For comparisons of pollinator community composition (all groups combined) among plots, we performed non-metric multidimensional scaling (NMDS) on a Bray-Curtis distance matrix using the vegan package (Oksanen et al., 2007). This was based on Hellinger-transformed abundance data which involves dividing each count by the sample total and taking the square root of each resulting proportion. We then conducted envfit tests for significant correlations between the resulting axes and the following variables of interest: canopy openness, wetlands within 500 m, conifer forests within 500 m, basal area, and the number of tree genera. Then we used the adonis2 function of the vegan package (Oksanen et al., 2007) to test for pairwise differences (PERMANOVA) in pollinator composition among the three most-sampled ecoregions. Finally, to determine if any taxa were strongly associated with one or more of the ecoregions, we performed indicator species analysis using the multipatt function in the package indicspecies (De Caceres et al., 2016). This test produces values ranging from 0 (no association) to 1 (complete association).
To compare the alpha (plot-level) diversity of bees, hover flies, butterflies, and all pollinators among the most-sampled ecoregions, we ran negative binomial models consisting of ecoregion and experimental forest as fixed and random effects, respectively. Total beta diversity, along with its individual turnover and nestedness components, were calculated for each experimental forest using the beta.div.comp function of the adespatial package (Dray et al., 2023). These metrics were then compared among the most-sampled ecoregions using generalized linear models. To compare gamma diversity among the most-sampled ecoregions, we used the iNext package (Hsieh et al., 2022) to produce rarefaction and extrapolation curves for richness (q=0), with statistical significance indicated by non-overlapping confidence intervals at the maximum reference sample size (Chao et al., 2014).

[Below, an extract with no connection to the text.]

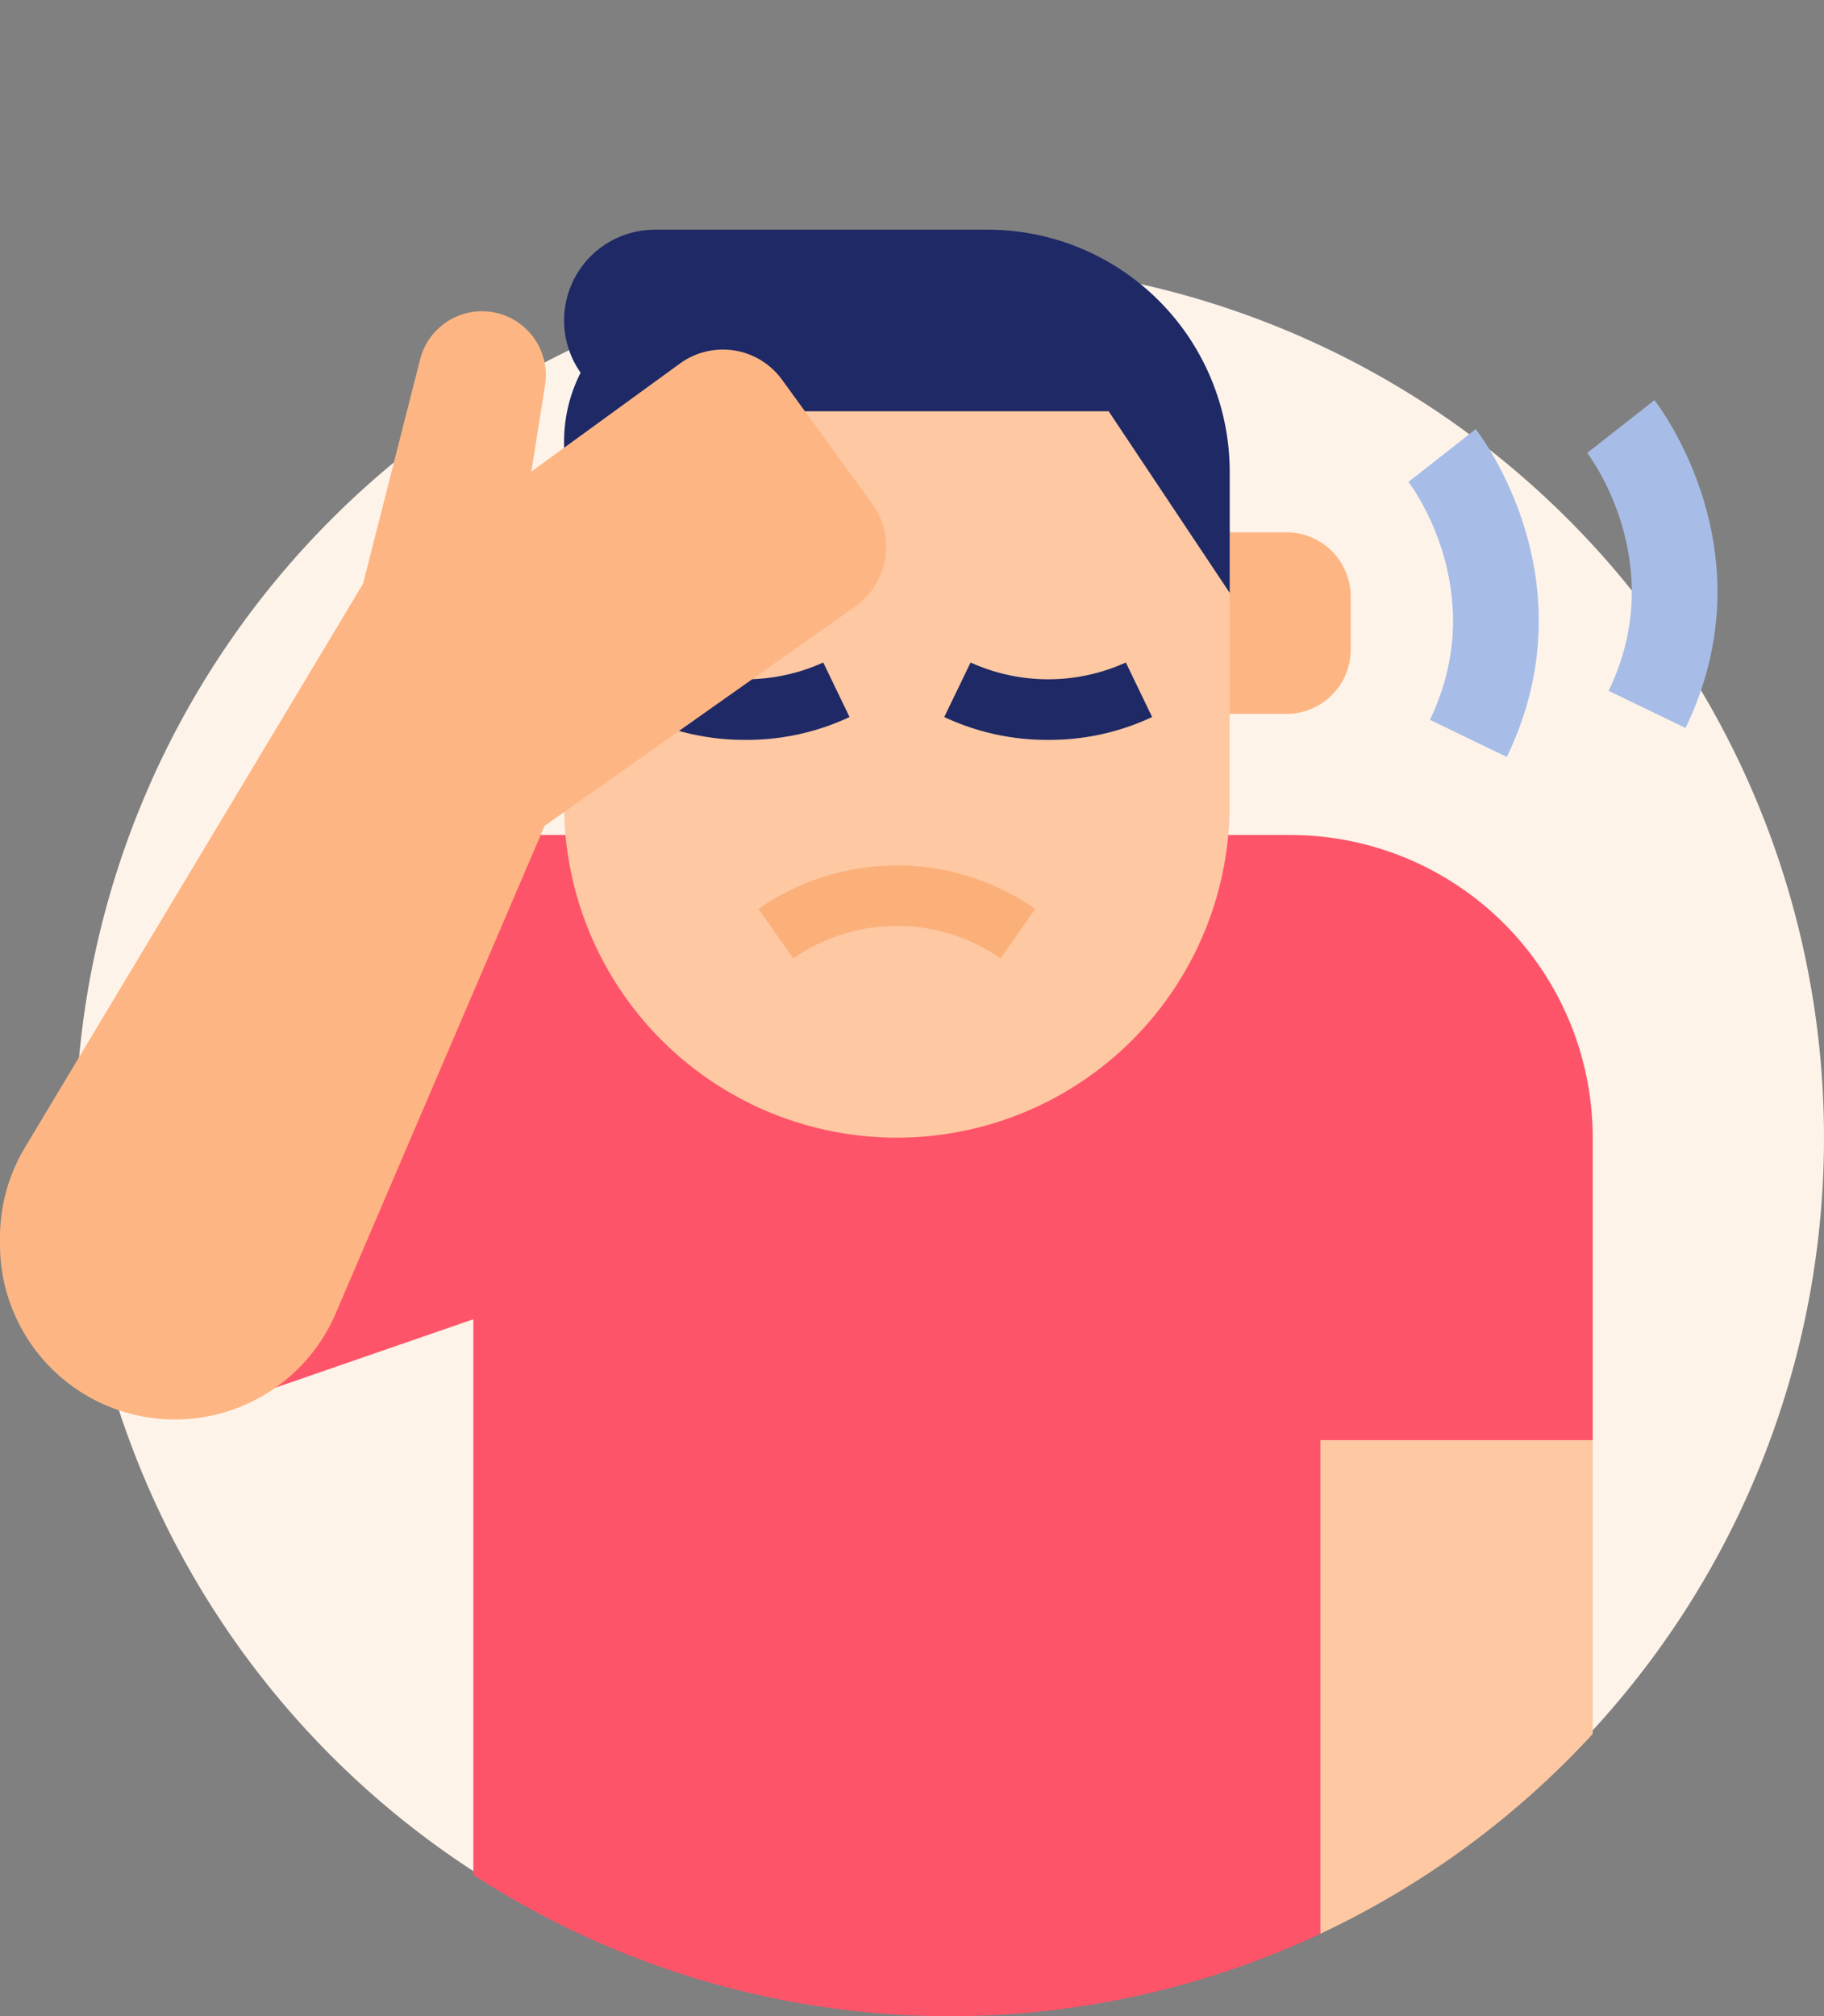 <svg xmlns="http://www.w3.org/2000/svg" xmlns:xlink="http://www.w3.org/1999/xlink" width="164.813" height="182.102" viewBox="0 0 164.813 182.102"><rect x="0" y="0" width="164.813" height="182.102" fill="#808080" stroke="none"/><defs><clipPath id="a"><rect width="164.813" height="182.102" fill="#fe5469"/></clipPath></defs><g transform="translate(-1106.5 -3493)"><g transform="translate(1106.5 3493)"><g clip-path="url(#a)"><path d="M85.813,23.753a79,79,0,1,1-79,79,79,79,0,0,1,79-79" fill="#fef3e9"/><path d="M119.314,174.651v-44.56h24.6V102.754A27.338,27.338,0,0,0,116.58,75.416H37.3L6.841,102.032c-.005.358-.027.712-.027,1.07a78.949,78.949,0,0,0,3.446,23.121,14.484,14.484,0,0,0,12.027.01l20.482-7.077v50.176a78.976,78.976,0,0,0,76.545,5.319" fill="#fe5469"/><path d="M119.314,130.091v44.56a79.239,79.239,0,0,0,24.6-18.039V130.091Z" fill="#fdc8a2"/><path d="M6.84,102.032l-.826.721a14.511,14.511,0,0,0,4.245,23.47A78.987,78.987,0,0,1,6.813,103.1c0-.359.022-.712.027-1.07" fill="#502bee"/><path d="M116.237,64.481H45.845a5.81,5.81,0,0,1-5.81-5.81V53.889a5.81,5.81,0,0,1,5.81-5.81h70.392a5.81,5.81,0,0,1,5.81,5.81v4.782a5.81,5.81,0,0,1-5.81,5.81" fill="#fdb683"/><path d="M81.041,102.753h0A30.071,30.071,0,0,1,50.97,72.682v-24.6a21.87,21.87,0,0,1,21.87-21.87h16.4a21.87,21.87,0,0,1,21.87,21.87v24.6a30.071,30.071,0,0,1-30.071,30.071" fill="#fdc8a2"/><path d="M64.639,26.208h0A13.669,13.669,0,0,0,50.97,39.877v8.2l1.948-1.169A24.141,24.141,0,0,0,64.639,26.208Z" fill="#1e2966"/><path d="M111.113,53.546l-10.935-16.4H59.172a8.2,8.2,0,0,1,0-16.4H89.243a21.871,21.871,0,0,1,21.87,21.87Z" fill="#1e2966"/><path d="M94.71,66.824a21.773,21.773,0,0,1-9.389-2.062L87.7,59.837a16.979,16.979,0,0,0,14.028,0l2.375,4.925a21.773,21.773,0,0,1-9.389,2.062" fill="#1e2966"/><path d="M67.373,66.824a21.773,21.773,0,0,1-9.389-2.062l2.375-4.925a16.979,16.979,0,0,0,14.028,0l2.375,4.925a21.773,21.773,0,0,1-9.389,2.062" fill="#1e2966"/><path d="M90.409,86.569a16.39,16.39,0,0,0-18.735,0L68.539,82.09a21.873,21.873,0,0,1,25,0Z" fill="#fcb079"/><path d="M78.81,45.507,70.66,34.293a6.6,6.6,0,0,0-9.219-1.46L48.015,42.59l1.235-7.8a5.77,5.77,0,0,0-11.264-2.428L32.805,52.72,2.253,103.641A15.8,15.8,0,0,0,0,111.772v.633a15.806,15.806,0,0,0,30.333,6.226L49.208,74.59,77.351,54.726a6.6,6.6,0,0,0,1.459-9.219" fill="#fdb683"/></g></g><path d="M122.979,98.544l-6.455,4.227c-7.081-10.813-19.293-9.424-19.416-9.407L96.152,85.7c.695-.086,17.14-1.956,26.827,12.839" transform="translate(1263.78 3405.202) rotate(59)" fill="#a7bde8"/><path d="M127.052,88.355,120.6,92.581c-7.081-10.813-19.293-9.424-19.416-9.407l-.956-7.659c.695-.086,17.14-1.956,26.827,12.839" transform="translate(1269.097 3404.34) rotate(59)" fill="#a7bde8"/></g></svg>

To better understand how landscape and stand metrics differed among the most-sampled ecoregions, and how these differences might help explain patterns in pollinator diversity, we tested linear mixed effects models (lmer) relating wetland, conifer forest, and canopy openness to ecoregion. Canopy openness was square-root transformed to meet assumptions of normality. Because assumptions could not be met for wetland data, we made pairwise comparisons between ecoregions using the non-parametric Wilcoxon signed-rank tests using the pairwise.wilcox.test function of the stats package.
To test whether pollinator seasonality differed among ecoregions, we compared when the richness and abundance of bees, butterflies, and hover flies peaked among the most-sampled ecoregions. First, for each sampled plot, we calculated the richness or abundance of each taxon by month relative to the that taxon’s highest monthly richness or abundance from the same plot, resulting in a standardized value ranging from 0-1. We then plotted the mean ± SE of these values by ecoregion and month to visualize differences in seasonality among ecoregions. We used pairwise Wilcoxon signed-rank tests to determine if the peak month of response varied among the most-sampled ecoregions.
Finally, we used the Chao1 estimator to estimate the richness of bees, butterflies, hover flies, and all pollinators combined that could be collected using pan traps across our studied forests. These calculations were made for the entire region as well as for each of the three most-sampled ecoregions using the rareNMtests package (Cayuela & Gotelli, 2014). The estimates are based on the corresponding lists of collected species and their abundances.